Consider a queueing system with a fixed number n = 5 of parallel servers fed by a single q...

Consider a queueing system with a fixed number n = 5 of parallel servers fed by a single queue. Customers arrive with interarrival times that are exponentially distributed with mean 5 (all times are in minutes). An arriving customer finding an idle server will go directly into service, choosing the leftmost idle server if there are several, while an arrival finding all servers busy joins the end of the queue. When a customer (initially) enters service, her service requirement is distributed uniformly between a = 2 and b = 2.8, but upon completion of her initial service, she may be “dissatisfied” with her service, which occurs with probability p = 0.2. If the service was satisfactory, the customer simply leaves the system, but if her service was not satisfactory, she will require further service. The determination as to whether a service was satisfactory is to be made when the service is completed. If an unsatisfactory service is completed and there are no other customers waiting in the queue, the dissatisfied customer immediately begins another service time at her same server. On the other hand, if there is a queue when an unsatisfactory service is completed, the dissatisfied customer must join the queue (according to one of two options, described below), and the server takes the first person from the queue to serve next. Each time a customer reenters service, her service time and probability of being dissatisfied are lower; specifically, a customer who has already had i (unsatisfactory) services has a next service time that is distributed uniformly between a/(i + 1) and b/(i + 1), and her probability of being dissatisfied with this next service is p/(i + 1). Theoretically, there is no upper limit on the number of times a given customer will have to be served to be finally satisfied.

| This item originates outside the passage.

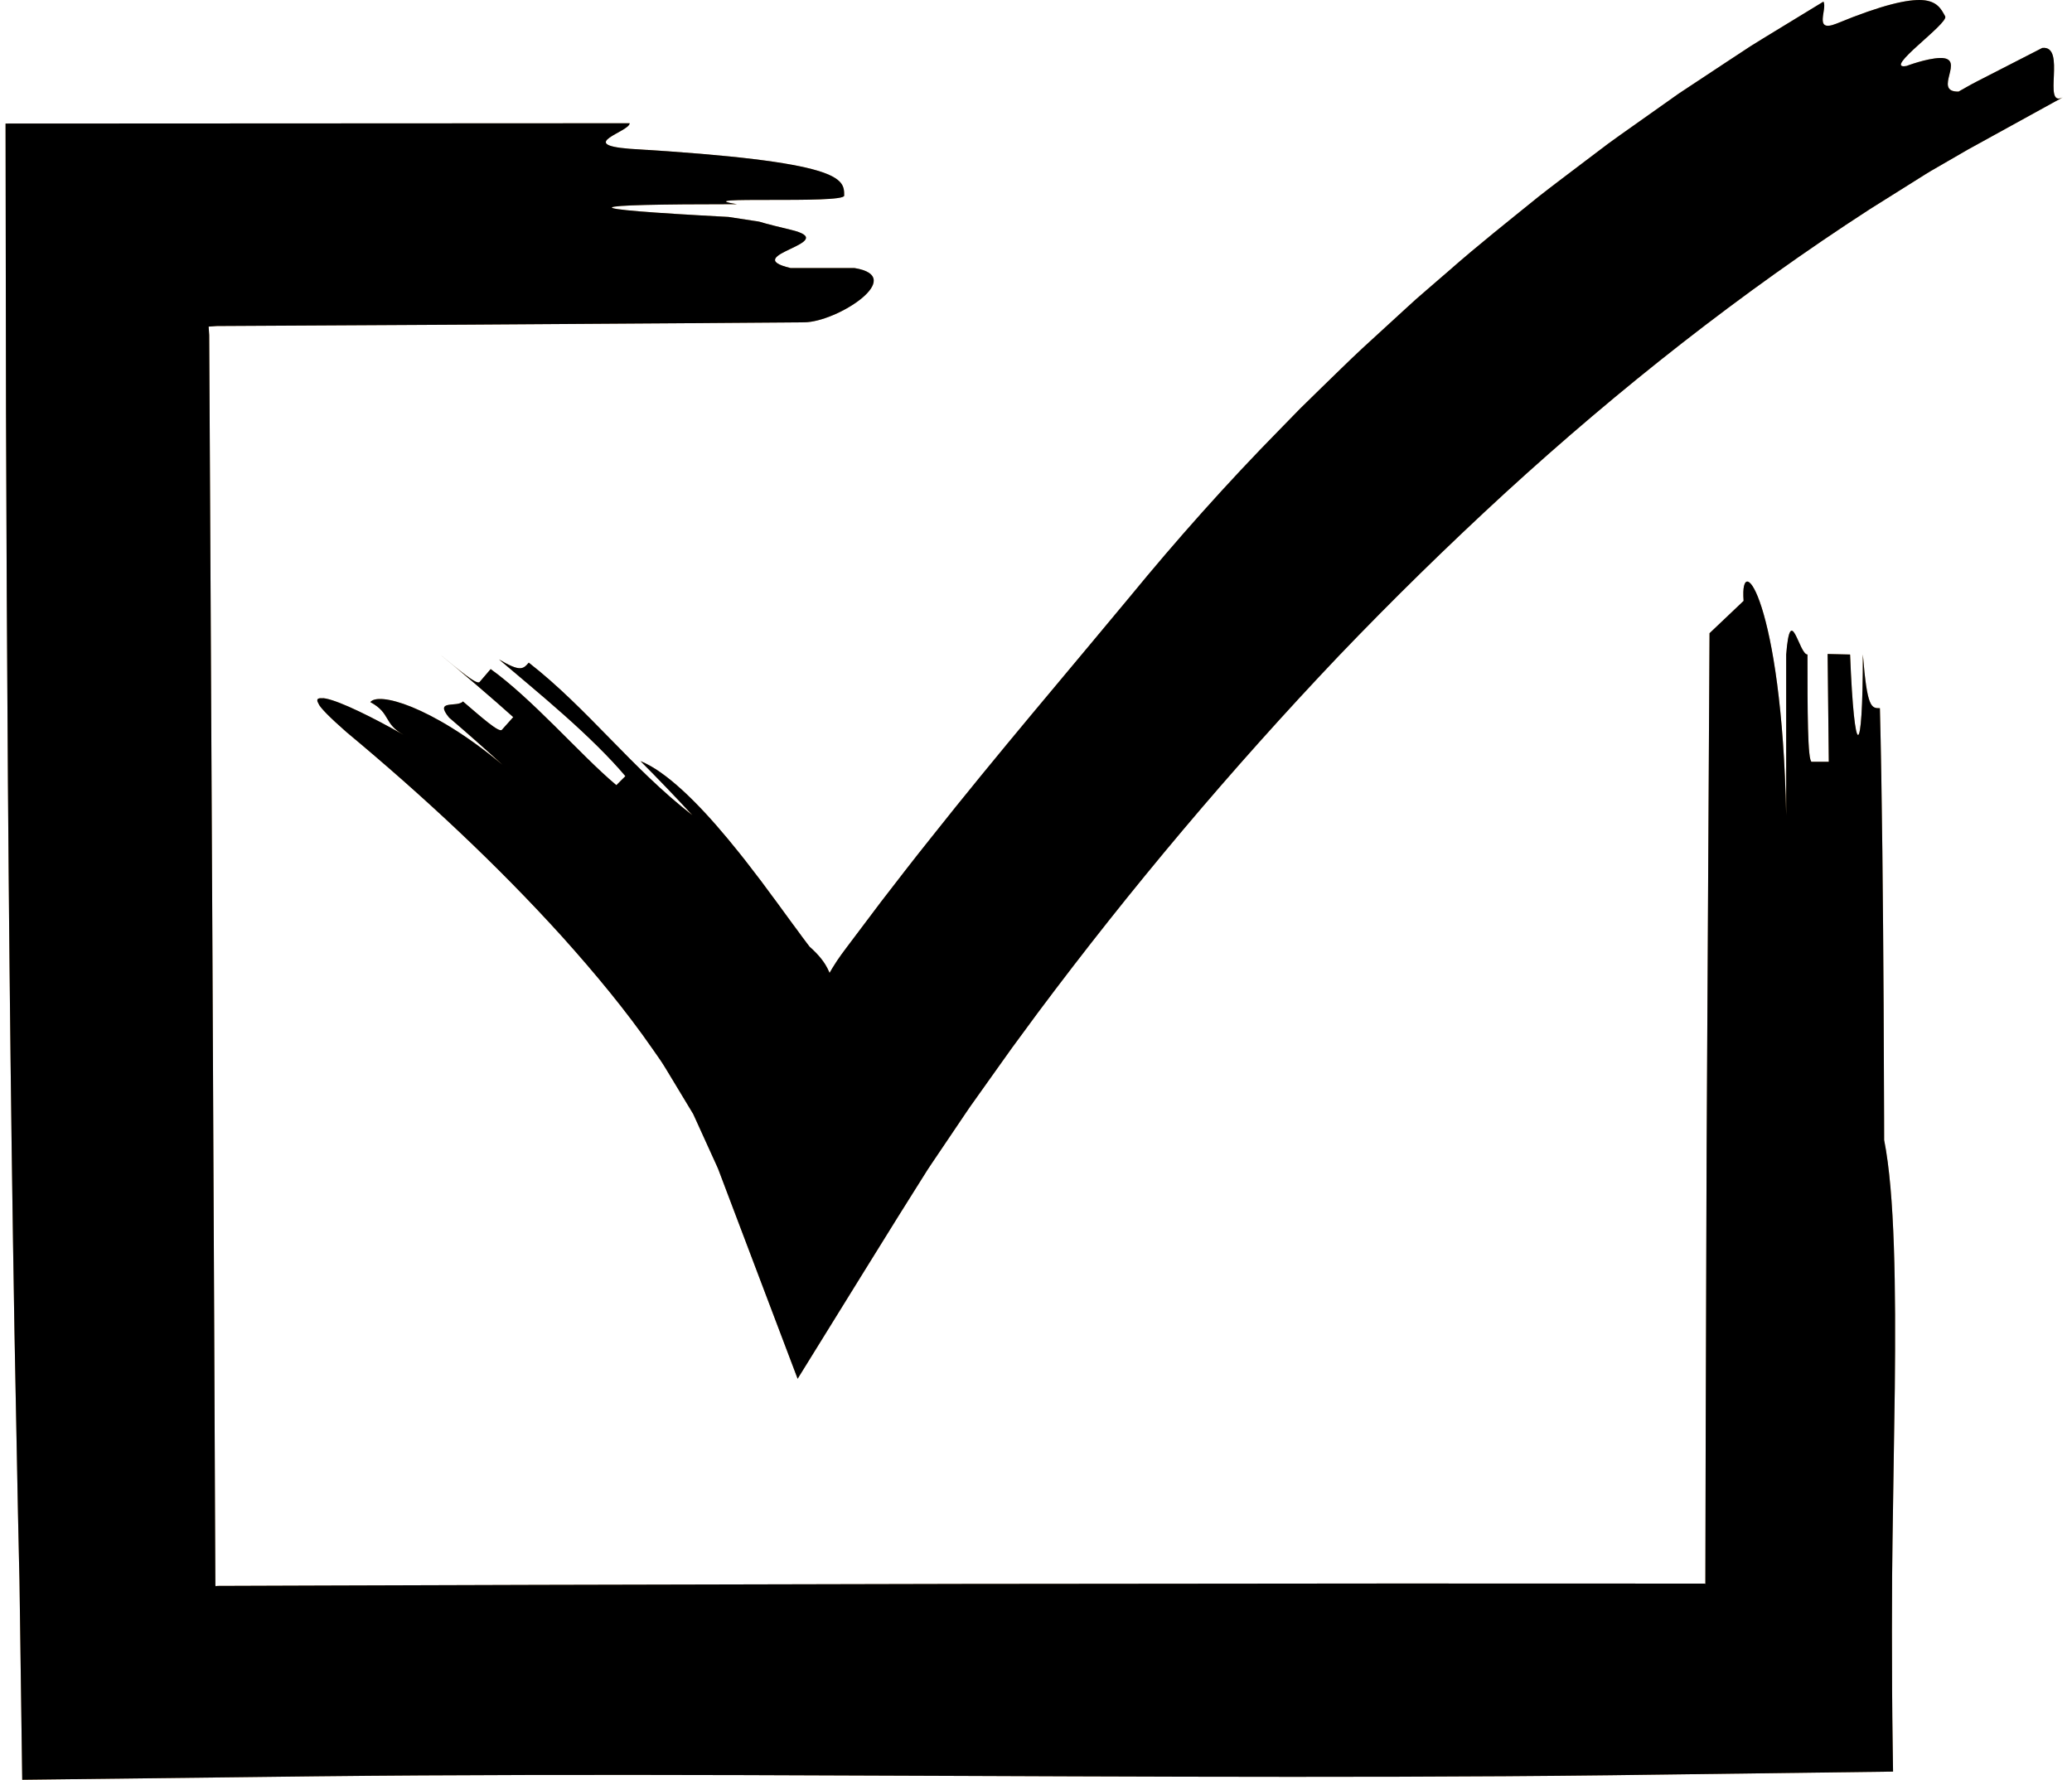 <?xml version="1.0" encoding="UTF-8"?> <svg xmlns="http://www.w3.org/2000/svg" width="220" height="189" viewBox="0 0 220 189" fill="none"><path d="M185.131 63.81C184.679 58.121 189.201 63.81 189.653 86.593C189.653 80.897 189.653 75.207 189.653 69.506C190.105 63.81 191.01 69.506 191.914 69.506C191.914 75.207 191.914 80.897 192.367 80.897C192.819 80.897 193.724 80.897 194.176 80.897L194.052 69.449C194.504 69.449 195.984 69.506 196.438 69.506C196.889 80.897 197.794 80.897 197.794 69.506C198.246 75.207 198.698 75.207 199.603 75.207C200.056 92.289 200.056 126.76 200.056 121.07C201.186 126.763 201.299 136.726 201.186 147.402C201.106 152.74 201.023 158.256 200.945 163.506C200.93 164.818 200.916 166.114 200.901 167.386C200.895 169.365 200.889 171.307 200.883 173.202C200.882 177.44 200.902 181.467 200.959 185.245C200.972 186.183 200.986 187.124 201 188.132C191.229 188.258 181.195 188.388 170.963 188.52C163.624 188.607 156.143 188.655 148.566 188.675C133.413 188.718 117.877 188.655 102.331 188.591C86.785 188.526 71.228 188.46 56.032 188.492C48.434 188.509 40.926 188.551 33.554 188.631C23.049 188.755 12.738 188.876 2.688 188.995C2.58 188.997 2.471 188.998 2.36 189C2.281 183.279 2.202 177.535 2.123 171.772C2.104 170.453 2.086 169.133 2.067 167.813L2.012 165.435C1.977 163.848 1.942 162.259 1.907 160.667C1.784 154.301 1.661 147.896 1.537 141.46C1.316 128.589 1.145 115.595 1.012 102.551C0.879 89.508 0.786 76.414 0.719 63.34C0.692 56.804 0.665 50.272 0.638 43.754C0.622 33.517 0.606 23.301 0.59 13.121C22.997 13.11 45.165 13.099 66.856 13.088C66.856 13.992 61.16 15.348 66.856 15.801C89.633 17.157 89.633 18.967 89.633 20.776C89.633 21.681 72.552 20.776 78.242 21.681C61.16 21.681 60.244 22.133 77.344 23.037C83.04 23.942 78.242 23.037 83.931 24.393C89.633 25.75 78.242 27.107 83.931 28.463C89.633 28.463 85.018 28.463 90.714 28.463C96.398 29.369 88.875 34.218 85.373 34.228C85.373 34.228 62.548 34.406 49.851 34.474C43.503 34.509 37.15 34.544 30.795 34.579L26.028 34.605L23.644 34.618L23.048 34.621L22.994 34.624L22.895 34.631L22.152 34.684L22.205 35.455L22.211 35.545L22.213 35.567L22.215 35.761L22.218 36.367L22.231 38.791L22.257 43.639C22.292 50.104 22.326 56.571 22.361 63.041C22.428 75.98 22.494 88.927 22.561 101.88C22.622 114.833 22.683 127.792 22.745 140.753L22.828 160.196L22.868 168.341C22.881 168.39 22.894 168.427 22.906 168.454C22.967 168.439 23.012 168.426 23.044 168.412L34.361 168.373C41.907 168.349 49.453 168.326 56.997 168.303C72.085 168.269 87.167 168.235 102.239 168.2C117.311 168.187 132.373 168.172 147.419 168.158C154.942 168.159 162.462 168.161 169.977 168.162C173.713 168.165 177.449 168.168 181.184 168.171L181.053 168.185L181.065 168.273L181.071 168.312L181.078 165.138C181.089 160.306 181.101 155.478 181.112 150.653C181.144 141.001 181.175 131.362 181.207 121.734C181.309 102.477 181.412 86.399 181.514 67.243L185.131 63.81Z" fill="url(#paint0_radial_5576_5)"></path><path d="M185.131 63.81C184.679 58.121 189.201 63.81 189.653 86.593C189.653 80.897 189.653 75.207 189.653 69.506C190.105 63.81 191.01 69.506 191.914 69.506C191.914 75.207 191.914 80.897 192.367 80.897C192.819 80.897 193.724 80.897 194.176 80.897L194.052 69.449C194.504 69.449 195.984 69.506 196.438 69.506C196.889 80.897 197.794 80.897 197.794 69.506C198.246 75.207 198.698 75.207 199.603 75.207C200.056 92.289 200.056 126.76 200.056 121.07C201.186 126.763 201.299 136.726 201.186 147.402C201.106 152.74 201.023 158.256 200.945 163.506C200.93 164.818 200.916 166.114 200.901 167.386C200.895 169.365 200.889 171.307 200.883 173.202C200.882 177.44 200.902 181.467 200.959 185.245C200.972 186.183 200.986 187.124 201 188.132C191.229 188.258 181.195 188.388 170.963 188.52C163.624 188.607 156.143 188.655 148.566 188.675C133.413 188.718 117.877 188.655 102.331 188.591C86.785 188.526 71.228 188.46 56.032 188.492C48.434 188.509 40.926 188.551 33.554 188.631C23.049 188.755 12.738 188.876 2.688 188.995C2.58 188.997 2.471 188.998 2.36 189C2.281 183.279 2.202 177.535 2.123 171.772C2.104 170.453 2.086 169.133 2.067 167.813L2.012 165.435C1.977 163.848 1.942 162.259 1.907 160.667C1.784 154.301 1.661 147.896 1.537 141.46C1.316 128.589 1.145 115.595 1.012 102.551C0.879 89.508 0.786 76.414 0.719 63.34C0.692 56.804 0.665 50.272 0.638 43.754C0.622 33.517 0.606 23.301 0.59 13.121C22.997 13.11 45.165 13.099 66.856 13.088C66.856 13.992 61.16 15.348 66.856 15.801C89.633 17.157 89.633 18.967 89.633 20.776C89.633 21.681 72.552 20.776 78.242 21.681C61.16 21.681 60.244 22.133 77.344 23.037C83.04 23.942 78.242 23.037 83.931 24.393C89.633 25.75 78.242 27.107 83.931 28.463C89.633 28.463 85.018 28.463 90.714 28.463C96.398 29.369 88.875 34.218 85.373 34.228C85.373 34.228 62.548 34.406 49.851 34.474C43.503 34.509 37.15 34.544 30.795 34.579L26.028 34.605L23.644 34.618L23.048 34.621L22.994 34.624L22.895 34.631L22.152 34.684L22.205 35.455L22.211 35.545L22.213 35.567L22.215 35.761L22.218 36.367L22.231 38.791L22.257 43.639C22.292 50.104 22.326 56.571 22.361 63.041C22.428 75.98 22.494 88.927 22.561 101.88C22.622 114.833 22.683 127.792 22.745 140.753L22.828 160.196L22.868 168.341C22.881 168.39 22.894 168.427 22.906 168.454C22.967 168.439 23.012 168.426 23.044 168.412L34.361 168.373C41.907 168.349 49.453 168.326 56.997 168.303C72.085 168.269 87.167 168.235 102.239 168.2C117.311 168.187 132.373 168.172 147.419 168.158C154.942 168.159 162.462 168.161 169.977 168.162C173.713 168.165 177.449 168.168 181.184 168.171L181.053 168.185L181.065 168.273L181.071 168.312L181.078 165.138C181.089 160.306 181.101 155.478 181.112 150.653C181.144 141.001 181.175 131.362 181.207 121.734C181.309 102.477 181.412 86.399 181.514 67.243L185.131 63.81Z" fill="black"></path><path d="M208.949 15.881L206.32 17.401L205.004 18.161C204.566 18.416 204.142 18.698 203.71 18.964L198.549 22.203C184.889 31.044 171.965 41.228 159.813 52.349C153.745 57.921 147.846 63.7 142.132 69.671C136.438 75.663 130.919 81.833 125.587 88.158C120.256 94.484 115.112 100.967 110.175 107.575L108.343 110.064L107.428 111.308L105.877 113.484L104.245 115.777L103.429 116.925C103.157 117.307 102.893 117.671 102.577 118.148L98.939 123.539C98.634 123.978 98.336 124.455 98.038 124.933L97.142 126.358L95.352 129.209L91.744 135.02C89.393 138.82 87.041 142.618 84.69 146.416C82.222 139.902 79.756 133.391 77.291 126.883L76.37 124.447C76.22 124.017 76.053 123.702 75.893 123.337L75.409 122.274L74.443 120.149L73.96 119.086L73.718 118.555L73.596 118.291L73.458 118.062L71.241 114.39C70.871 113.778 70.507 113.159 70.115 112.578L69.299 111.407C66.483 107.343 63.194 103.372 59.724 99.507C52.745 91.791 44.883 84.478 36.777 77.734C35.869 76.938 35.178 76.294 34.687 75.795C34.201 75.298 33.879 74.914 33.809 74.702C33.645 74.422 33.657 74.255 33.816 74.184C33.895 74.148 34.011 74.136 34.16 74.147C34.247 74.16 34.281 74.135 34.364 74.145C34.446 74.155 34.534 74.169 34.629 74.188C36.182 74.506 39.584 76.179 42.858 78.041C40.671 76.814 41.533 75.759 39.32 74.557C39.742 74.03 41.277 74.087 43.711 75.075C46.136 76.066 49.477 77.98 53.354 81.216C51.492 79.517 49.606 77.846 47.686 76.206C46.056 74.226 48.567 75.169 49.156 74.488C51.096 76.142 52.988 77.84 53.29 77.502C53.591 77.165 54.194 76.491 54.495 76.153C52.589 74.433 48.687 71.085 46.69 69.471C48.675 71.099 50.628 72.767 50.92 72.427C51.215 72.084 51.803 71.397 52.097 71.052C54.215 72.566 56.578 74.795 58.884 77.079C61.193 79.361 63.442 81.699 65.443 83.379L66.402 82.421C64.709 80.408 62.357 78.128 59.918 75.957C57.481 73.784 54.96 71.716 52.979 70.022C55.255 71.378 55.545 71.053 56.143 70.368C59.257 72.791 62.018 75.624 64.782 78.448C67.547 81.276 70.313 84.089 73.515 86.57C71.71 84.611 69.872 82.694 68.003 80.823C70.675 81.891 74.03 85.169 77.263 89.062C78.067 90.041 78.882 91.033 79.662 92.064C80.054 92.575 80.445 93.085 80.834 93.591C81.216 94.107 81.594 94.619 81.968 95.125C82.726 96.124 83.433 97.141 84.136 98.08C84.49 98.546 84.827 99.015 85.157 99.466C85.325 99.69 85.489 99.91 85.651 100.126C85.733 100.234 85.815 100.34 85.895 100.445L85.956 100.523C85.975 100.547 86.004 100.586 85.998 100.574L86.01 100.574C86.955 101.431 87.586 102.196 87.993 103.115L88.069 103.285C88.079 103.339 88.099 103.287 88.117 103.254L88.173 103.156L88.397 102.775C88.547 102.527 88.699 102.29 88.853 102.058C89.007 101.826 89.167 101.601 89.327 101.375L89.859 100.657C91.079 99.037 92.305 97.409 93.531 95.781C95.284 93.508 97.035 91.231 98.824 89.001C105.922 80.027 113.257 71.475 119.914 63.433C124.889 57.365 130.223 51.361 135.919 45.57C136.627 44.843 137.337 44.115 138.048 43.387L140.234 41.248C141.702 39.828 143.154 38.386 144.654 36.988C146.166 35.602 147.68 34.213 149.195 32.824L150.335 31.785L151.501 30.772L153.839 28.753C156.928 26.029 160.173 23.471 163.371 20.877C164.989 19.603 166.645 18.375 168.279 17.128C169.099 16.508 169.918 15.888 170.736 15.269C171.562 14.658 172.408 14.075 173.241 13.479C174.915 12.294 176.585 11.112 178.25 9.935C179.955 8.808 181.654 7.685 183.346 6.566C184.194 6.009 185.04 5.453 185.884 4.897C186.738 4.355 187.608 3.838 188.466 3.309C190.188 2.26 191.902 1.215 193.606 0.175C194.06 0.957 192.499 3.497 194.983 2.513C199.91 0.479 202.591 -0.088 204.131 0.011C205.677 0.123 206.114 0.95 206.536 1.739C206.936 2.487 199.749 7.488 202.433 7.003C202.433 7.003 204.567 6.192 205.999 6.157C208.86 6.106 205.102 9.774 207.953 9.727C208.504 9.427 209.176 9.018 209.944 8.628C210.71 8.236 211.547 7.807 212.383 7.378C214.056 6.521 215.728 5.663 216.842 5.091C219.455 4.775 216.797 11.472 219.01 10.341L208.949 15.881Z" fill="url(#paint1_radial_5576_5)"></path><path d="M208.949 15.881L206.32 17.401L205.004 18.161C204.566 18.416 204.142 18.698 203.71 18.964L198.549 22.203C184.889 31.044 171.965 41.228 159.813 52.349C153.745 57.921 147.846 63.7 142.132 69.671C136.438 75.663 130.919 81.833 125.587 88.158C120.256 94.484 115.112 100.967 110.175 107.575L108.343 110.064L107.428 111.308L105.877 113.484L104.245 115.777L103.429 116.925C103.157 117.307 102.893 117.671 102.577 118.148L98.939 123.539C98.634 123.978 98.336 124.455 98.038 124.933L97.142 126.358L95.352 129.209L91.744 135.02C89.393 138.82 87.041 142.618 84.69 146.416C82.222 139.902 79.756 133.391 77.291 126.883L76.37 124.447C76.22 124.017 76.053 123.702 75.893 123.337L75.409 122.274L74.443 120.149L73.96 119.086L73.718 118.555L73.596 118.291L73.458 118.062L71.241 114.39C70.871 113.778 70.507 113.159 70.115 112.578L69.299 111.407C66.483 107.343 63.194 103.372 59.724 99.507C52.745 91.791 44.883 84.478 36.777 77.734C35.869 76.938 35.178 76.294 34.687 75.795C34.201 75.298 33.879 74.914 33.809 74.702C33.645 74.422 33.657 74.255 33.816 74.184C33.895 74.148 34.011 74.136 34.16 74.147C34.247 74.16 34.281 74.135 34.364 74.145C34.446 74.155 34.534 74.169 34.629 74.188C36.182 74.506 39.584 76.179 42.858 78.041C40.671 76.814 41.533 75.759 39.32 74.557C39.742 74.03 41.277 74.087 43.711 75.075C46.136 76.066 49.477 77.98 53.354 81.216C51.492 79.517 49.606 77.846 47.686 76.206C46.056 74.226 48.567 75.169 49.156 74.488C51.096 76.142 52.988 77.84 53.29 77.502C53.591 77.165 54.194 76.491 54.495 76.153C52.589 74.433 48.687 71.085 46.69 69.471C48.675 71.099 50.628 72.767 50.92 72.427C51.215 72.084 51.803 71.397 52.097 71.052C54.215 72.566 56.578 74.795 58.884 77.079C61.193 79.361 63.442 81.699 65.443 83.379L66.402 82.421C64.709 80.408 62.357 78.128 59.918 75.957C57.481 73.784 54.96 71.716 52.979 70.022C55.255 71.378 55.545 71.053 56.143 70.368C59.257 72.791 62.018 75.624 64.782 78.448C67.547 81.276 70.313 84.089 73.515 86.57C71.71 84.611 69.872 82.694 68.003 80.823C70.675 81.891 74.03 85.169 77.263 89.062C78.067 90.041 78.882 91.033 79.662 92.064C80.054 92.575 80.445 93.085 80.834 93.591C81.216 94.107 81.594 94.619 81.968 95.125C82.726 96.124 83.433 97.141 84.136 98.08C84.49 98.546 84.827 99.015 85.157 99.466C85.325 99.69 85.489 99.91 85.651 100.126C85.733 100.234 85.815 100.34 85.895 100.445L85.956 100.523C85.975 100.547 86.004 100.586 85.998 100.574L86.01 100.574C86.955 101.431 87.586 102.196 87.993 103.115L88.069 103.285C88.079 103.339 88.099 103.287 88.117 103.254L88.173 103.156L88.397 102.775C88.547 102.527 88.699 102.29 88.853 102.058C89.007 101.826 89.167 101.601 89.327 101.375L89.859 100.657C91.079 99.037 92.305 97.409 93.531 95.781C95.284 93.508 97.035 91.231 98.824 89.001C105.922 80.027 113.257 71.475 119.914 63.433C124.889 57.365 130.223 51.361 135.919 45.57C136.627 44.843 137.337 44.115 138.048 43.387L140.234 41.248C141.702 39.828 143.154 38.386 144.654 36.988C146.166 35.602 147.68 34.213 149.195 32.824L150.335 31.785L151.501 30.772L153.839 28.753C156.928 26.029 160.173 23.471 163.371 20.877C164.989 19.603 166.645 18.375 168.279 17.128C169.099 16.508 169.918 15.888 170.736 15.269C171.562 14.658 172.408 14.075 173.241 13.479C174.915 12.294 176.585 11.112 178.25 9.935C179.955 8.808 181.654 7.685 183.346 6.566C184.194 6.009 185.04 5.453 185.884 4.897C186.738 4.355 187.608 3.838 188.466 3.309C190.188 2.26 191.902 1.215 193.606 0.175C194.06 0.957 192.499 3.497 194.983 2.513C199.91 0.479 202.591 -0.088 204.131 0.011C205.677 0.123 206.114 0.95 206.536 1.739C206.936 2.487 199.749 7.488 202.433 7.003C202.433 7.003 204.567 6.192 205.999 6.157C208.86 6.106 205.102 9.774 207.953 9.727C208.504 9.427 209.176 9.018 209.944 8.628C210.71 8.236 211.547 7.807 212.383 7.378C214.056 6.521 215.728 5.663 216.842 5.091C219.455 4.775 216.797 11.472 219.01 10.341L208.949 15.881Z" fill="black"></path><defs><radialGradient id="paint0_radial_5576_5" cx="0" cy="0" r="1" gradientUnits="userSpaceOnUse" gradientTransform="translate(103.729 110.707) rotate(44.82) scale(89.809 40.444)"><stop stop-color="#D8AA6C"></stop><stop offset="0.546" stop-color="#EBC9A2"></stop><stop offset="1" stop-color="#D3A56A"></stop></radialGradient><radialGradient id="paint1_radial_5576_5" cx="0" cy="0" r="1" gradientUnits="userSpaceOnUse" gradientTransform="translate(128.959 81.251) rotate(41.843) scale(78.985 35.355)"><stop stop-color="#D8AA6C"></stop><stop offset="0.546" stop-color="#EBC9A2"></stop><stop offset="1" stop-color="#D3A56A"></stop></radialGradient></defs></svg>

There are two possible rules concerning what to do with a dissatisfied customer when other people are waiting in queue; the program is to be written so that respecifying a single input parameter will change the rule from (i) to (ii):

(i) A customer who has just finished an unsatisfactory service joins the end of the queue.

(ii) A customer who has just finished an unsatisfactory service rejoins the queue so that the next person taken from the (front of the) queue will be the customer who has already had the largest number of services; the rule is FIFO in case of ties. This rule is in the interest of both equity and efficiency, since customers with a long history of unsatisfactory service tend to require shorter service and also tend to be more likely to be satisfied with their next service.

Initially the system is empty and idle, and the simulation is to run for exactly 480 minutes. Compute the average and maximum total time in system [including all the delay(s) in queue and service time(s) of a customer], and the number of satisfied customers who leave the system during the simulation. Also compute the average and maximum length of the queue, and the time-average and maximum number of servers that were busy. Use stream 1 for interarrivals, stream 2 for all service times, and stream 3 to determine whether each service was satisfactory.